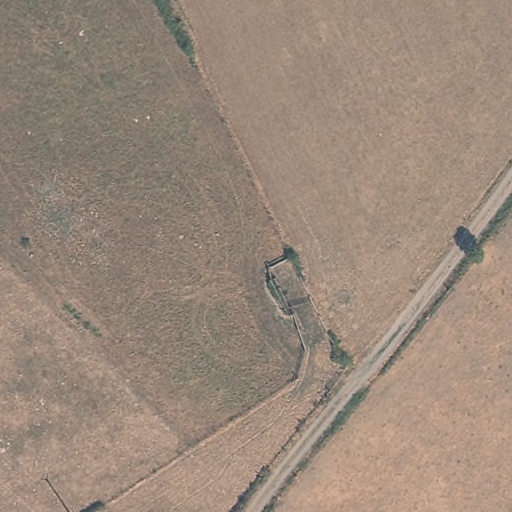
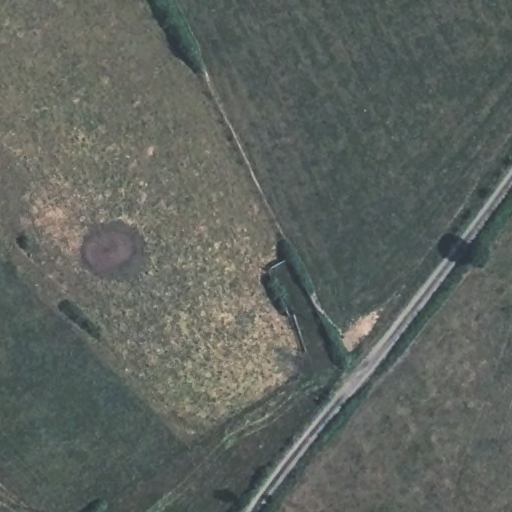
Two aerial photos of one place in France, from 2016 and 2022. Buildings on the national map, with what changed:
[]

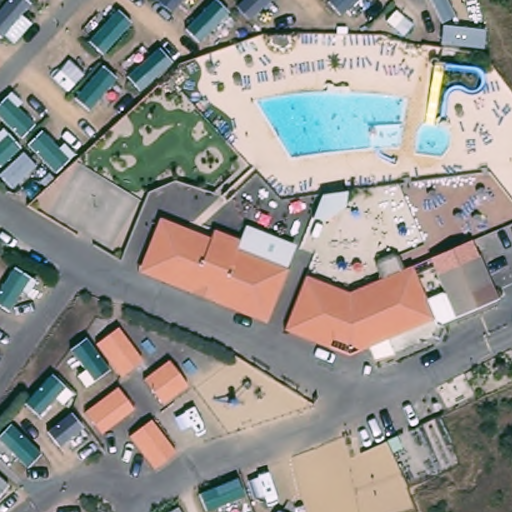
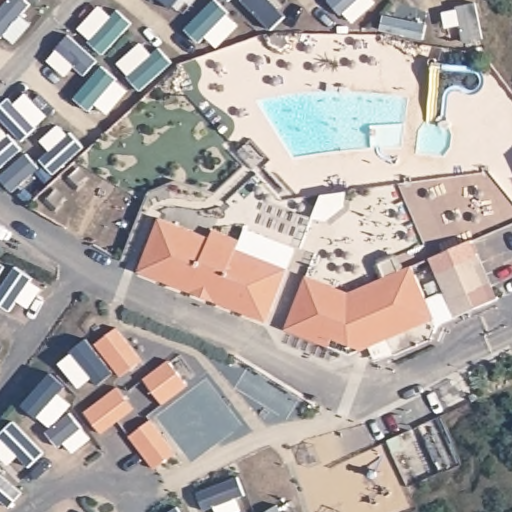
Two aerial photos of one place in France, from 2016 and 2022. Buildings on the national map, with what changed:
unchanged [(160,222),(211,242),(214,231),(240,240),(237,252),(288,269),(271,314),(144,266),(160,222)]
unchanged [(501,296),(480,305),(460,314),(457,309),(443,272),(484,254),(496,283),(501,296)]
unchanged [(432,339),(395,355),(392,348),(387,338),(363,351),(333,339),(328,348),(288,331),(306,278),(332,288),(349,293),(406,268),(412,265),(438,318),(432,339)]
unchanged [(271,314),(268,324),(140,277),(144,266),(271,314)]
unchanged [(143,363),(123,377),(99,345),(117,329),(143,363)]
unchanged [(189,386),(165,405),(147,381),(170,362),(189,386)]
unchanged [(477,380),(453,393),(448,380),(470,368),(477,380)]
unchanged [(135,413),(105,436),(87,415),(117,390),(135,413)]
unchanged [(175,453),(158,469),(133,437),(152,424),(175,453)]

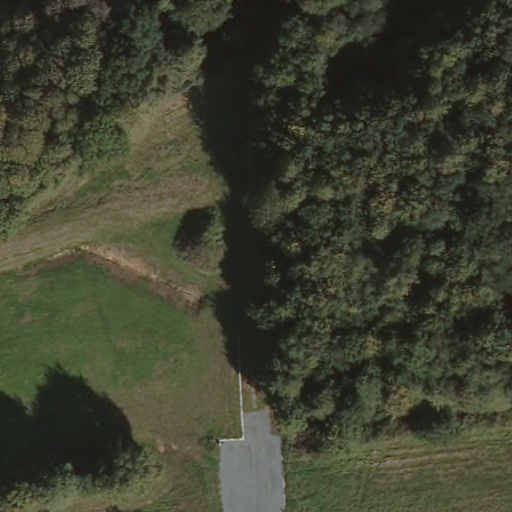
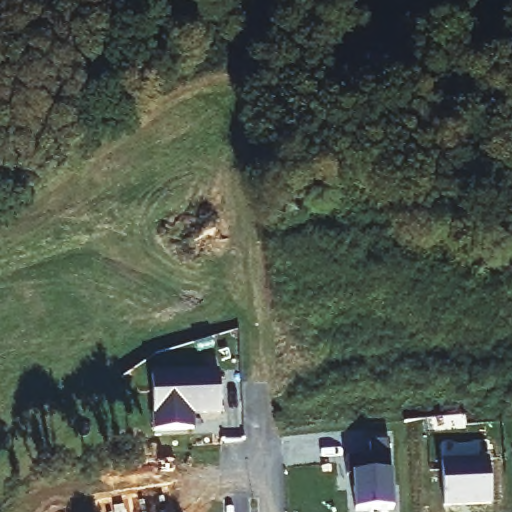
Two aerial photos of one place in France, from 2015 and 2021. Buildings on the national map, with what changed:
new [(193,431),(155,433),(152,377),(219,374),(221,413),(203,414),(192,415),(193,431)]
new [(345,458),(370,456),(369,440),(389,439),(393,510),(370,512),(354,512),(354,491),(346,476),(345,458)]
new [(490,465),(491,508),(443,510),(442,466),(490,465)]

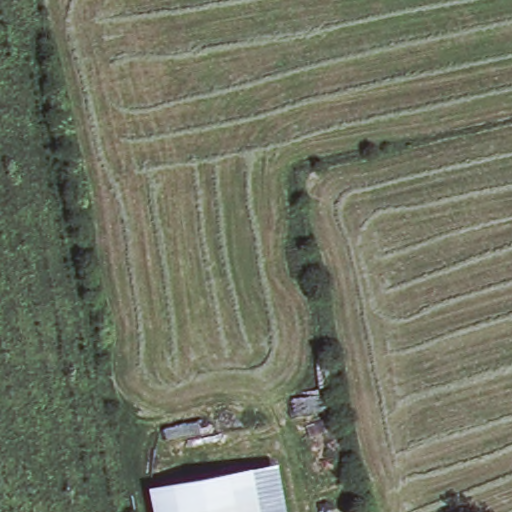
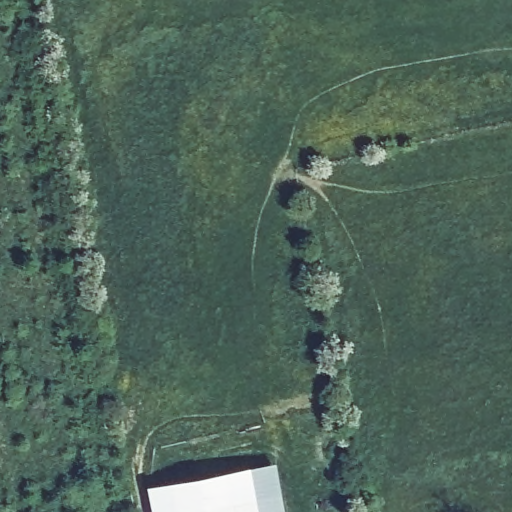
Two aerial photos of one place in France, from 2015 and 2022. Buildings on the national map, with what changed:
unchanged [(284,512),(260,512),(254,474),(275,470),(284,512)]
unchanged [(226,512),(221,480),(254,474),(260,512),(226,512)]
unchanged [(226,512),(194,512),(190,486),(221,480),(226,512)]
unchanged [(159,492),(190,486),(194,512),(157,512),(154,493),(159,492)]

◆ YOUR OBJECTIVE ◆
Transcribe exactly, starting at the line with "2015 and 2022." and continuing through the last line of the data above; leave out all earlier lines.

◆ RESPONSE BELOW ◆
Two aerial photos of one place in France, from 2015 and 2022. Buildings on the national map, with what changed:
unchanged [(284,512),(260,512),(254,474),(275,470),(284,512)]
unchanged [(226,512),(221,480),(254,474),(260,512),(226,512)]
unchanged [(226,512),(194,512),(190,486),(221,480),(226,512)]
unchanged [(159,492),(190,486),(194,512),(157,512),(154,493),(159,492)]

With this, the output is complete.